<<<<

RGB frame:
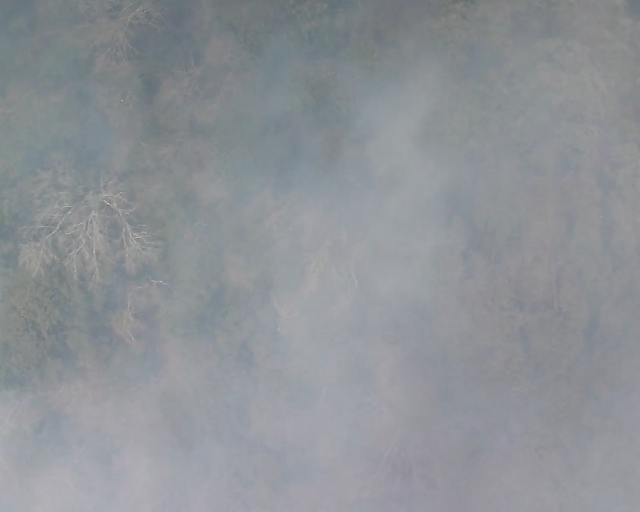
Thermal frame:
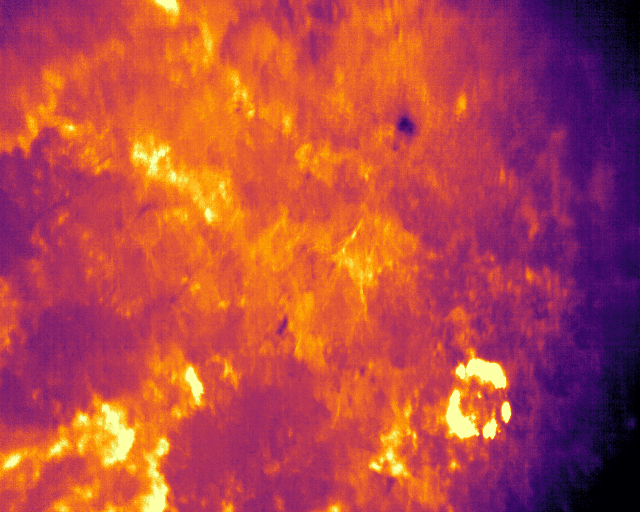
Captured: 2026-02-26 02:30:50
Pixels at or above 80 °C: 212 (fraction of frame: 0.000647)
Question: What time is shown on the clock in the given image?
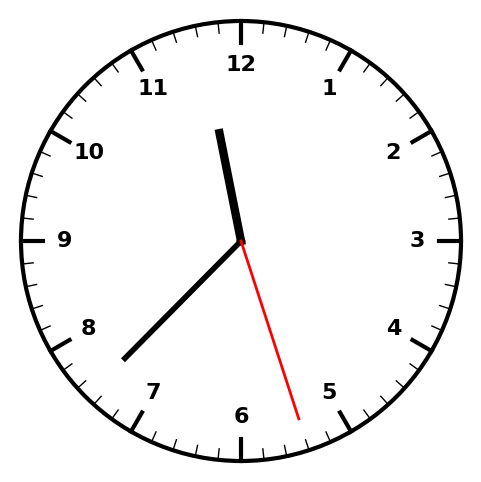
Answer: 11:37:27
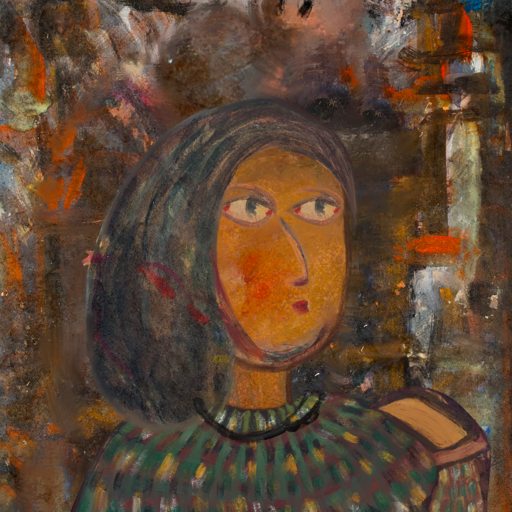
Background: GypsyQueen, Head And Neck Side: Pipe, Face Side: GypsyMother, Bust: After_Raid, Hair Side: Gypsy_Mother, Head Accessory: Blank, Second Necklace: Blank, Necklace: Orphan, Baby: Blank
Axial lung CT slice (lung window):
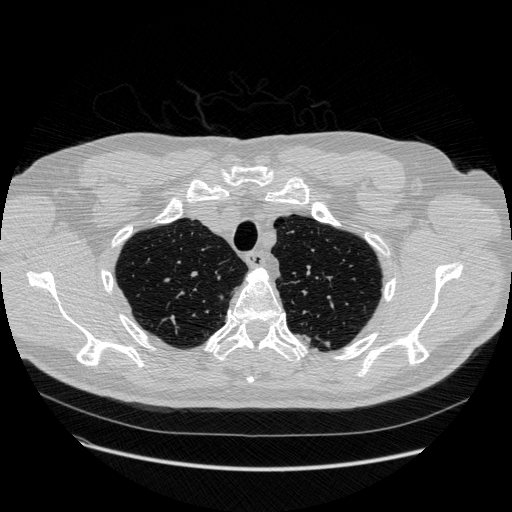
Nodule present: yes
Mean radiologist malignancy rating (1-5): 3.25

>>>>

Write back the stretch of lines above that begins with the line holding "Question: What time" and ends with the line holding "Nodule present: yes", both included, exactly as written. Pictures stay out.

Question: What time is shown on the clock in the given image?
Answer: 11:37:27
Background: GypsyQueen, Head And Neck Side: Pipe, Face Side: GypsyMother, Bust: After_Raid, Hair Side: Gypsy_Mother, Head Accessory: Blank, Second Necklace: Blank, Necklace: Orphan, Baby: Blank
Axial lung CT slice (lung window):
Nodule present: yes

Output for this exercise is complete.